> **The task**: Repeat all of the records word for word, but skip any picture.

> **Data shown**:
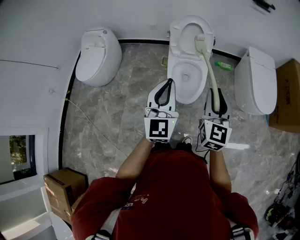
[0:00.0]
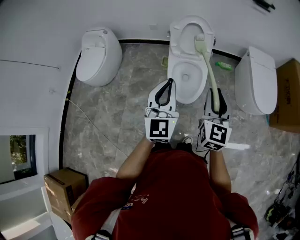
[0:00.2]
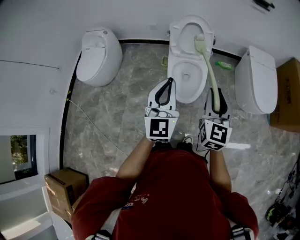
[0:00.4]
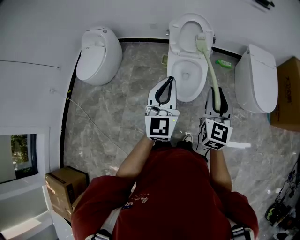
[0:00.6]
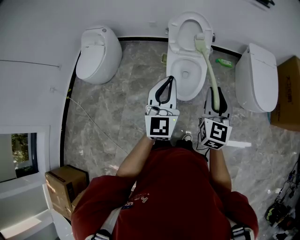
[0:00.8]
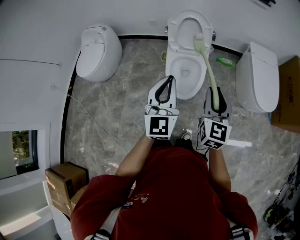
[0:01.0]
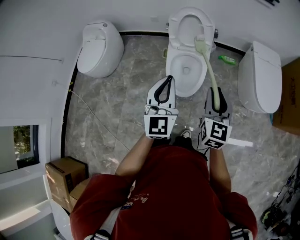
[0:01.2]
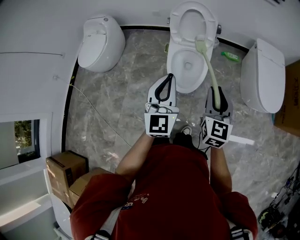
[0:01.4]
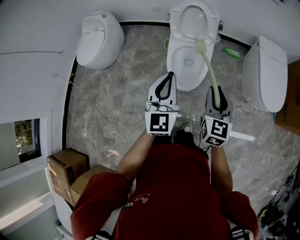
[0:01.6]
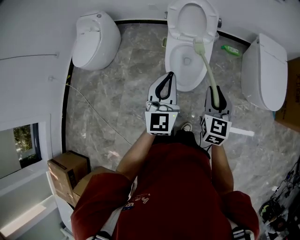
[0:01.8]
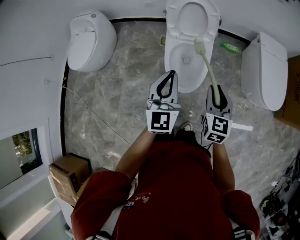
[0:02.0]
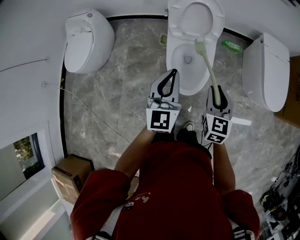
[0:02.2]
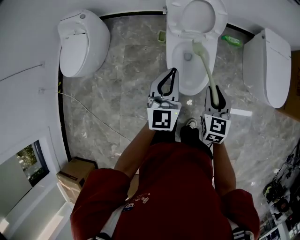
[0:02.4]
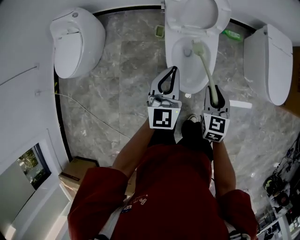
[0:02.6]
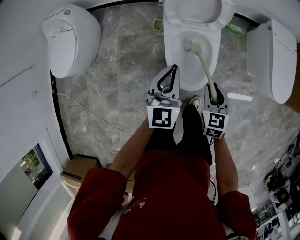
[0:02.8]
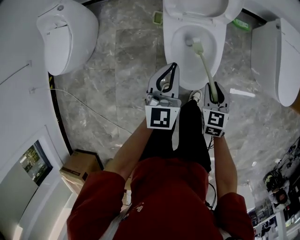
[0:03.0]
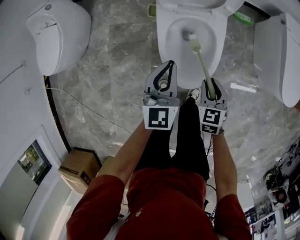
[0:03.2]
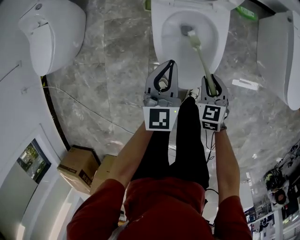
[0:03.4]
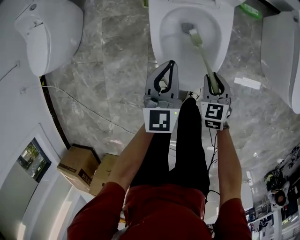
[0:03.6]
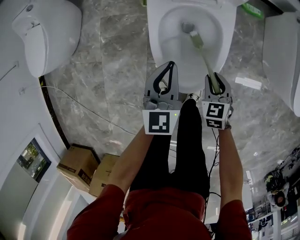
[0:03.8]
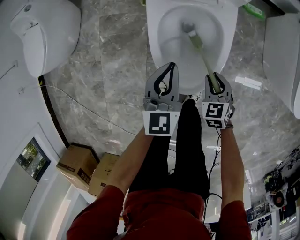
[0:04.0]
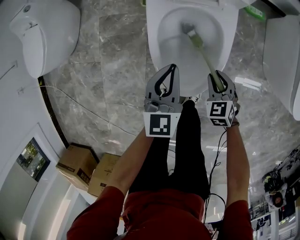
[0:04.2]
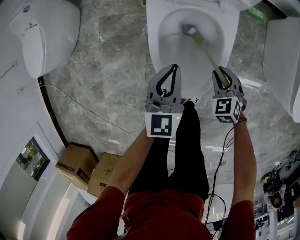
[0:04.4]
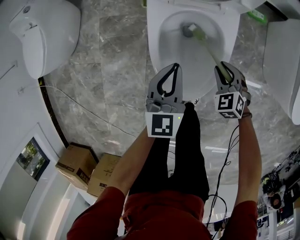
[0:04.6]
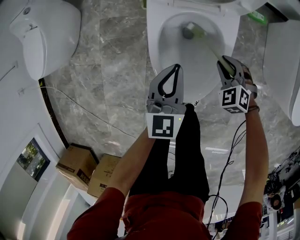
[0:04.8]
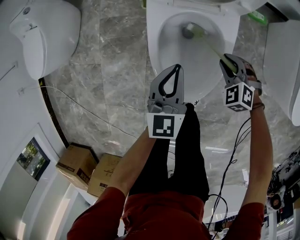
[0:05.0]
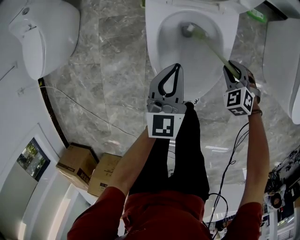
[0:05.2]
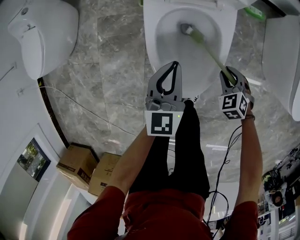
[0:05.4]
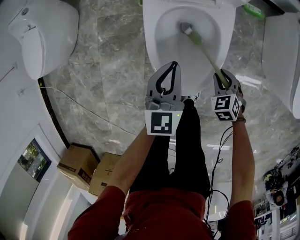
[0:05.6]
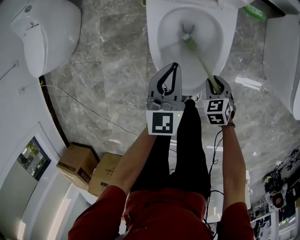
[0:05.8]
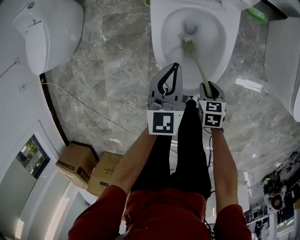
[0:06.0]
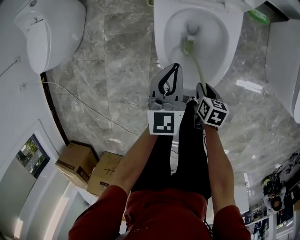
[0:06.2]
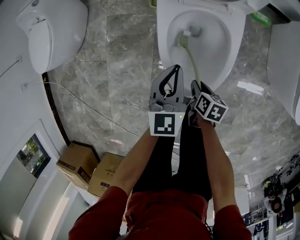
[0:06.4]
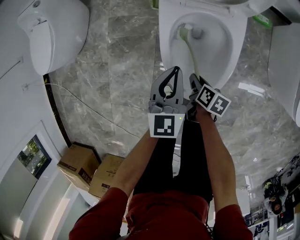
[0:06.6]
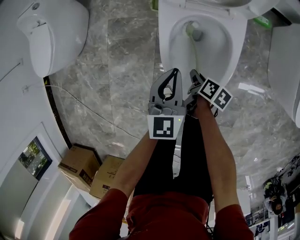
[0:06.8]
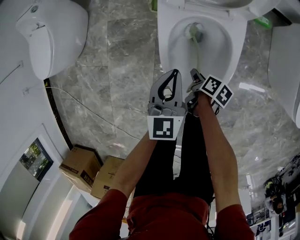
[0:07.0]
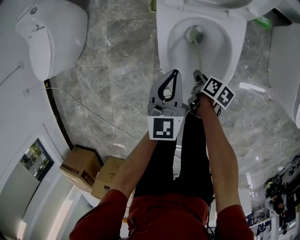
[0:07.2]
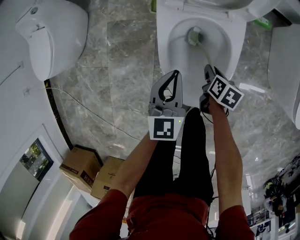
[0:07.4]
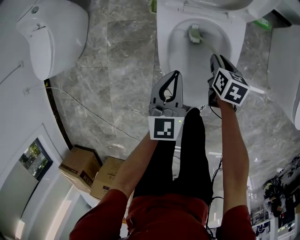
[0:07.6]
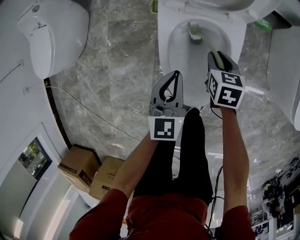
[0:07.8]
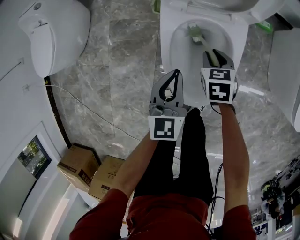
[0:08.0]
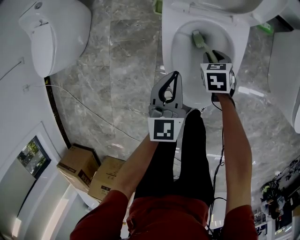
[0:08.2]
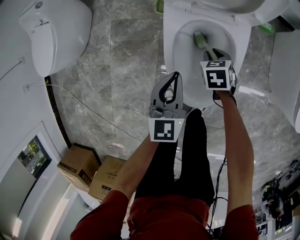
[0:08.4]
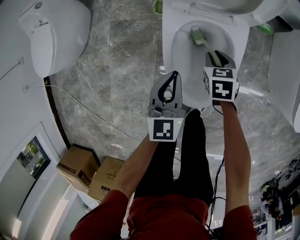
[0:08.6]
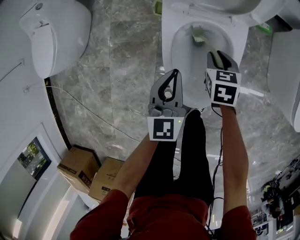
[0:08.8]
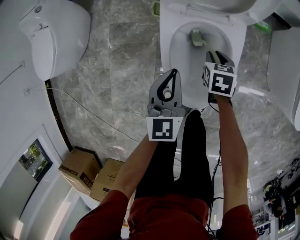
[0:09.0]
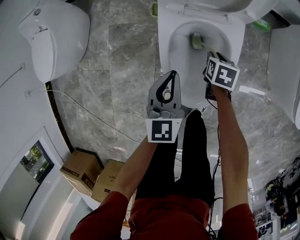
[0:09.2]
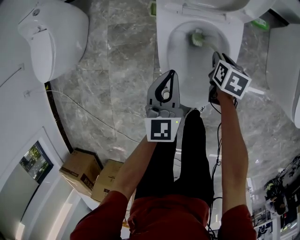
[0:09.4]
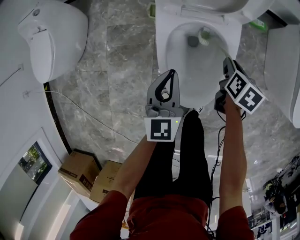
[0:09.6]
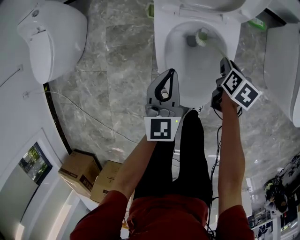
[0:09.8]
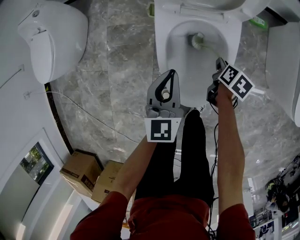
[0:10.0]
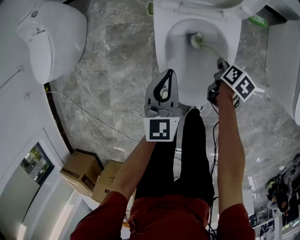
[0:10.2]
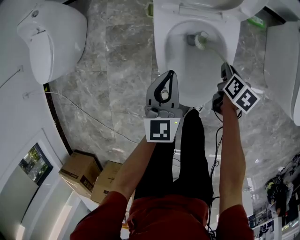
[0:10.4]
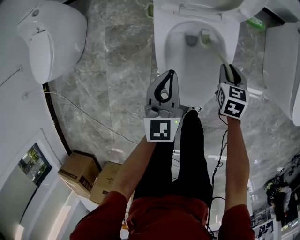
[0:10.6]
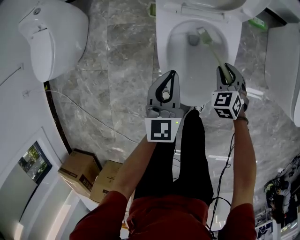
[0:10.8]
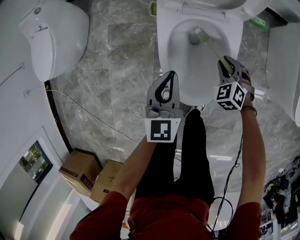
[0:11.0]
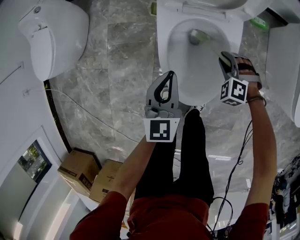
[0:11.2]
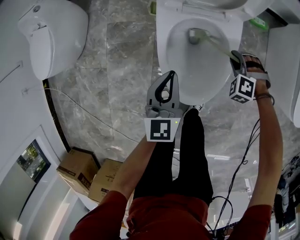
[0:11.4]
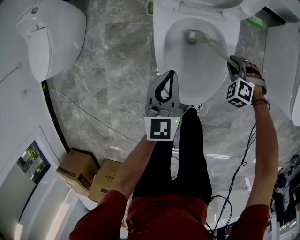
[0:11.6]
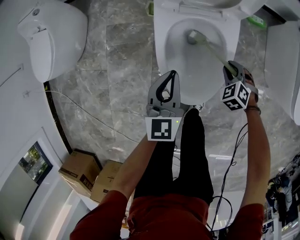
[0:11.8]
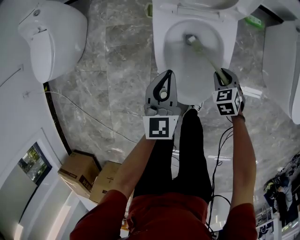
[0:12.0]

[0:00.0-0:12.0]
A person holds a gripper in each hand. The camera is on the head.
0:00.0 to 0:01.6: The two grippers go some 10 cm downward and to the right.
0:01.6 to 0:03.0: The right gripper travels downward and forward by roughly 30 cm, and swivels about 30 degrees. The left gripper goes about 30 cm downward, forward and to the left.
0:03.0 to 0:04.4: Both grippers move downward, some 20 cm. The right gripper changes its angle by approximately 30 degrees.
0:04.4 to 0:06.0: The right gripper shifts roughly 10 cm backward, and swivels about 40 degrees.
0:06.0 to 0:07.6: The right gripper travels forward by about 15 cm.
0:09.0 to 0:10.4: The right gripper shifts roughly 10 cm to the right, and swivels roughly 30 degrees.
0:10.4 to 0:12.0: The right gripper moves some 5 cm, and rotates around the line of its fingers by roughly 60 degrees, counterclockwise from behind.

> **Problem solution**:
[0:00.0]
[0:00.2]
[0:00.4]
[0:00.6]
[0:00.8]
[0:01.0]
[0:01.2]
[0:01.4]
[0:01.6]
[0:01.8]
[0:02.0]
[0:02.2]
[0:02.4]
[0:02.6]
[0:02.8]
[0:03.0]
[0:03.2]
[0:03.4]
[0:03.6]
[0:03.8]
[0:04.0]
[0:04.2]
[0:04.4]
[0:04.6]
[0:04.8]
[0:05.0]
[0:05.2]
[0:05.4]
[0:05.6]
[0:05.8]
[0:06.0]
[0:06.2]
[0:06.4]
[0:06.6]
[0:06.8]
[0:07.0]
[0:07.2]
[0:07.4]
[0:07.6]
[0:07.8]
[0:08.0]
[0:08.2]
[0:08.4]
[0:08.6]
[0:08.8]
[0:09.0]
[0:09.2]
[0:09.4]
[0:09.6]
[0:09.8]
[0:10.0]
[0:10.2]
[0:10.4]
[0:10.6]
[0:10.8]
[0:11.0]
[0:11.2]
[0:11.4]
[0:11.6]
[0:11.8]
[0:12.0]

[0:00.0-0:12.0]
A person holds a gripper in each hand. The camera is on the head.
0:00.0 to 0:01.6: The two grippers go some 10 cm downward and to the right.
0:01.6 to 0:03.0: The right gripper travels downward and forward by roughly 30 cm, and swivels about 30 degrees. The left gripper goes about 30 cm downward, forward and to the left.
0:03.0 to 0:04.4: Both grippers move downward, some 20 cm. The right gripper changes its angle by approximately 30 degrees.
0:04.4 to 0:06.0: The right gripper shifts roughly 10 cm backward, and swivels about 40 degrees.
0:06.0 to 0:07.6: The right gripper travels forward by about 15 cm.
0:09.0 to 0:10.4: The right gripper shifts roughly 10 cm to the right, and swivels roughly 30 degrees.
0:10.4 to 0:12.0: The right gripper moves some 5 cm, and rotates around the line of its fingers by roughly 60 degrees, counterclockwise from behind.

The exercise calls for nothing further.